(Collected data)
┄┄┄┄┄┄┄┄┄┄
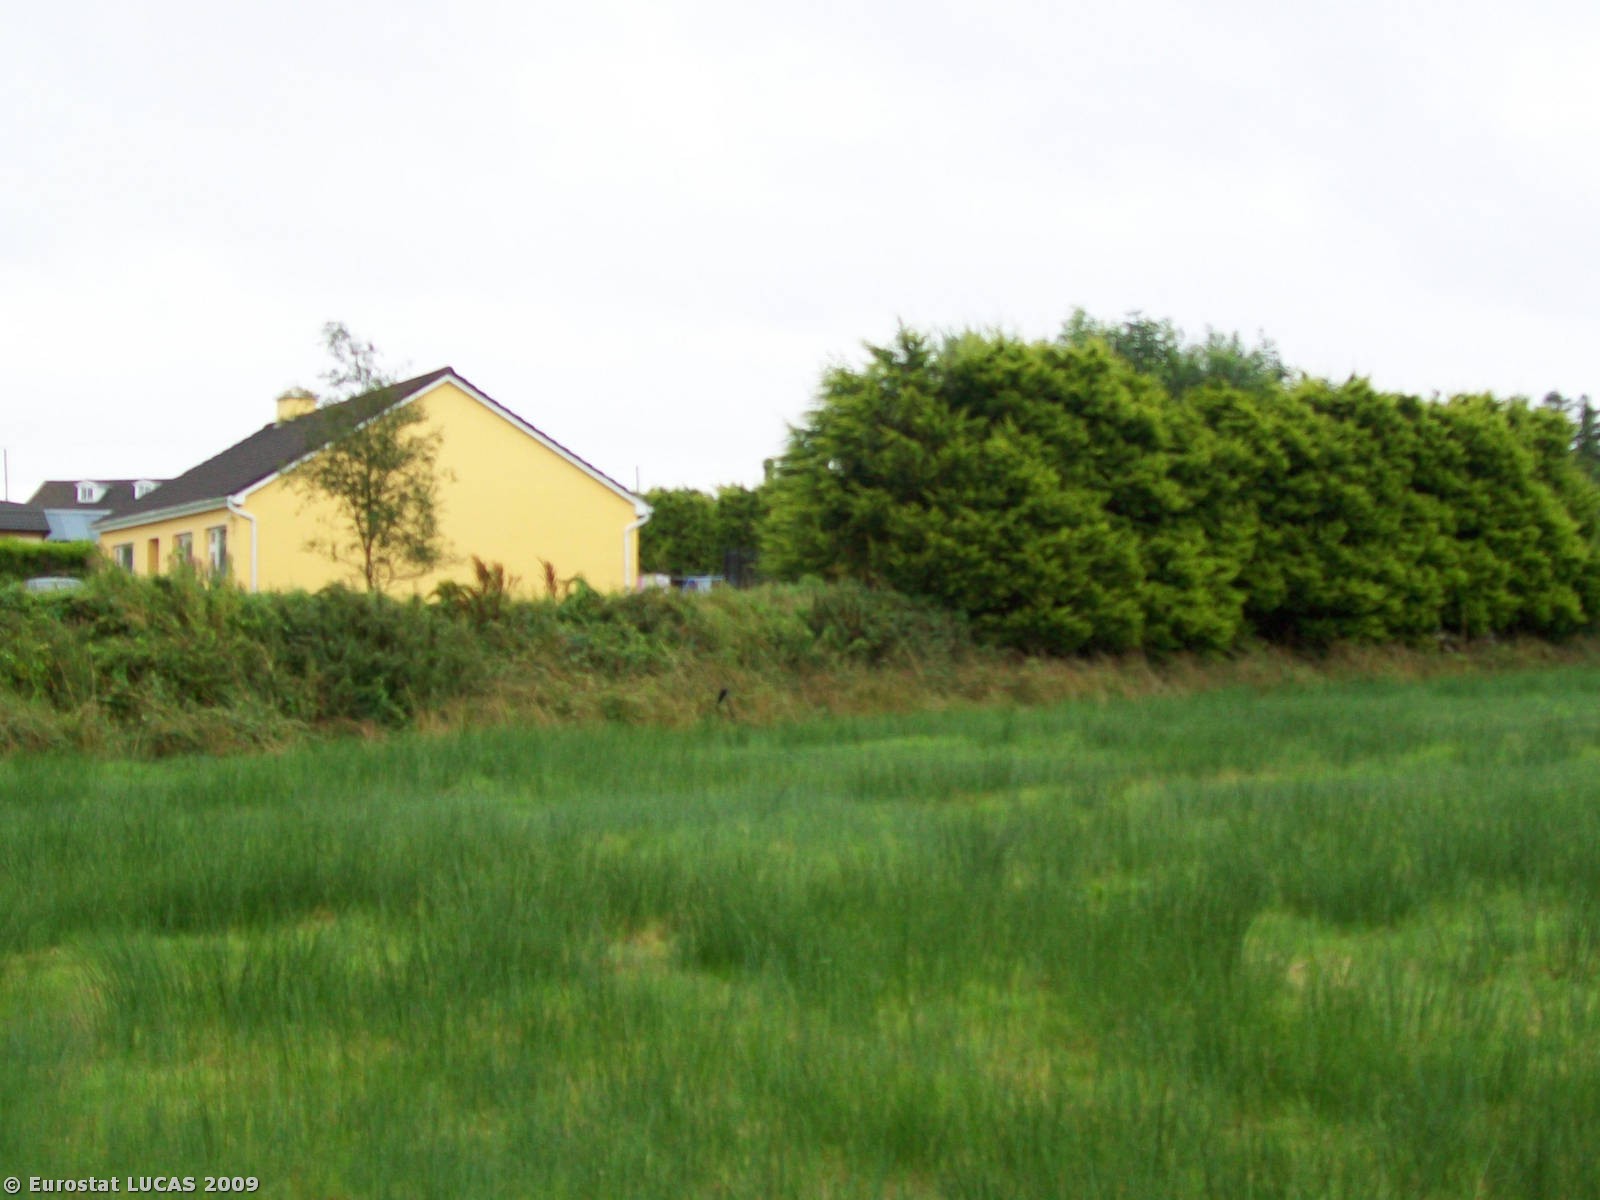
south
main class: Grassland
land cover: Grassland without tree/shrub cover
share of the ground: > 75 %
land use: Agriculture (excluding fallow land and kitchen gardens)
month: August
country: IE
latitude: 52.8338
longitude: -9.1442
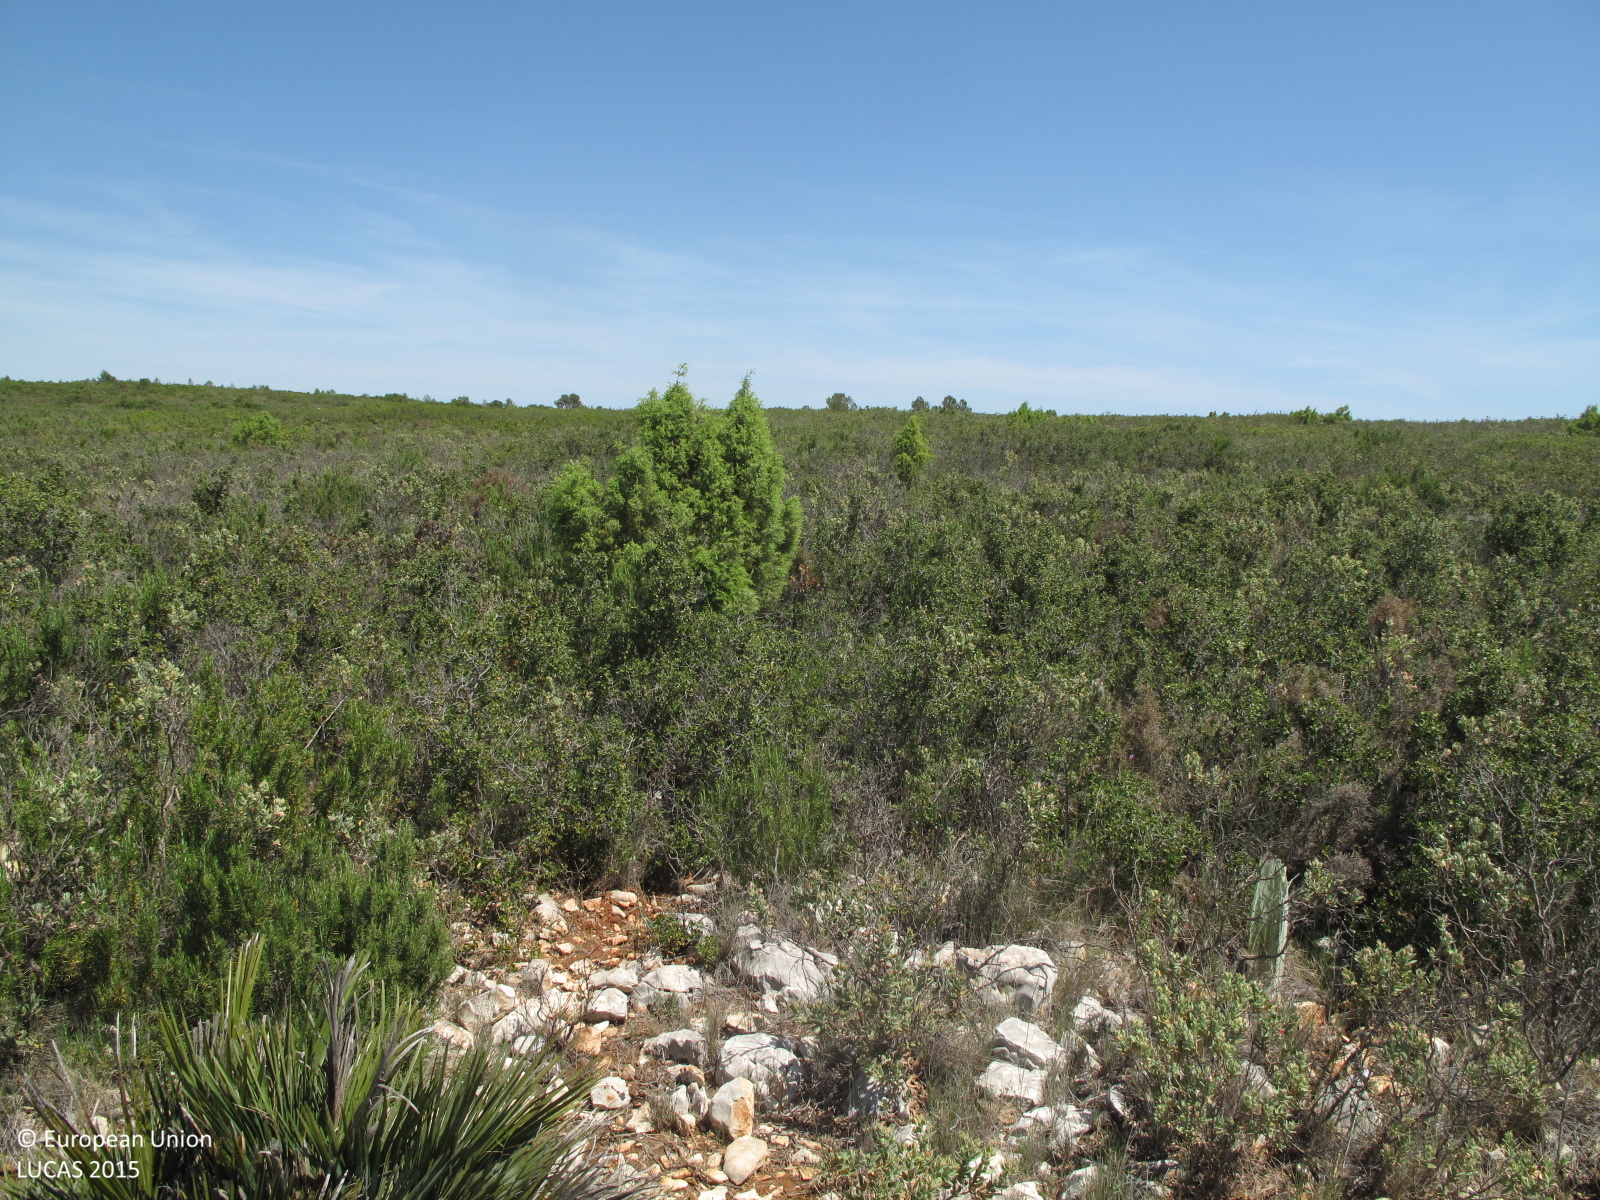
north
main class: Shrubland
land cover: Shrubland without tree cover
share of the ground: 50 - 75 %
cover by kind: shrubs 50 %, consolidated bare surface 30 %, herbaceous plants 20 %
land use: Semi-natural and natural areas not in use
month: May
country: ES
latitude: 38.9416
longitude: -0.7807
┄┄┄┄┄┄┄┄┄┄
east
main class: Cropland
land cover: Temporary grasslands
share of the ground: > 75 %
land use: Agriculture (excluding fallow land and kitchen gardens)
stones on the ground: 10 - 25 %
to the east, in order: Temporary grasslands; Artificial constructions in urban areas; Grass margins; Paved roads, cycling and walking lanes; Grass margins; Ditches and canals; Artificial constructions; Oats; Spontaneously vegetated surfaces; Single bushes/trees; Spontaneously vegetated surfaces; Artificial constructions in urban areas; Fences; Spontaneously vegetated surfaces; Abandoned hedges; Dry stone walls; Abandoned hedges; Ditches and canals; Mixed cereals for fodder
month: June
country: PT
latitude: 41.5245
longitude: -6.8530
┄┄┄┄┄┄┄┄┄┄
**Exercise directions:**
Beginning at the line with "main class: Cropland" and stopping after the line with "longitude: -6.8530", please write out every line of the data above exactly and nothing else.

**Task result:**
main class: Cropland
land cover: Temporary grasslands
share of the ground: > 75 %
land use: Agriculture (excluding fallow land and kitchen gardens)
stones on the ground: 10 - 25 %
to the east, in order: Temporary grasslands; Artificial constructions in urban areas; Grass margins; Paved roads, cycling and walking lanes; Grass margins; Ditches and canals; Artificial constructions; Oats; Spontaneously vegetated surfaces; Single bushes/trees; Spontaneously vegetated surfaces; Artificial constructions in urban areas; Fences; Spontaneously vegetated surfaces; Abandoned hedges; Dry stone walls; Abandoned hedges; Ditches and canals; Mixed cereals for fodder
month: June
country: PT
latitude: 41.5245
longitude: -6.8530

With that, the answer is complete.